Live, Topic-Threaded Conversations

Muskan Sahetai
Developer
Ramblytics turns any two-speaker conversation into structured, actionable notes in real time. It transcribes speech, diarizes who's talking (Speaker A/B), segments the dialogue into topics, and builds "threads" with short summaries, key phrases, and auto-detected action items.
Participants can interact with each thread during or after the call—confirm decisions, assign tasks, answer open questions—and export everything to Markdown/Notion/CSV.
Ideal for meetings, interviews, lectures, and sales calls where "who said what about which topic" matters—without sending audio to the cloud.

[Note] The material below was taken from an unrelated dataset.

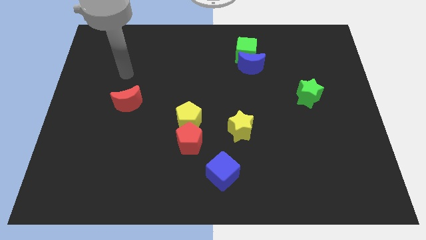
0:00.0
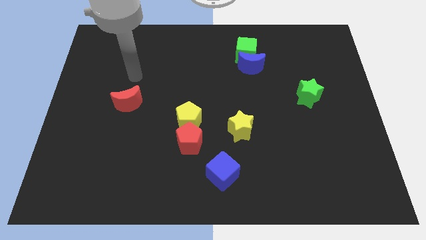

Balancing transcription accuracy with latency is critical. Whisper models need to process audio chunks fast enough for "live" feel (~2s lag max), which means optimizing model size, GPU utilization, and chunking strategy without sacrificing quality. We're exploring quantized models and streaming inference to hit our latency targets.
Distinguishing between two speakers in real-world conditions (background noise, overlapping speech, varying distances from mic) is non-trivial. PyAnnote's pretrained models work well in ideal conditions, but we're building custom fine-tuning pipelines and voice embedding strategies to handle edge cases like similar-sounding voices or cross-talk.
Conversations don't have clear chapter breaks. Deciding when to split dialogue into a new "thread" requires semantic understanding of context shifts. We're experimenting with sentence embeddings, sliding-window topic coherence scores, and lightweight LLMs to detect topic boundaries without sending full transcripts to the cloud.
Running everything on-device means no cloud APIs, which is great for privacy but challenging for resource-constrained machines. We need efficient model serving, smart caching, and graceful degradation on lower-end hardware. WebAssembly and ONNX Runtime are being evaluated for browser-based processing.
Automatically detecting tasks, decisions, and questions from natural dialogue requires understanding intent and context. We're building NER (Named Entity Recognition) pipelines combined with rule-based patterns to catch phrases like "let's follow up on..." or "can you send me..." and attribute them to the right speaker.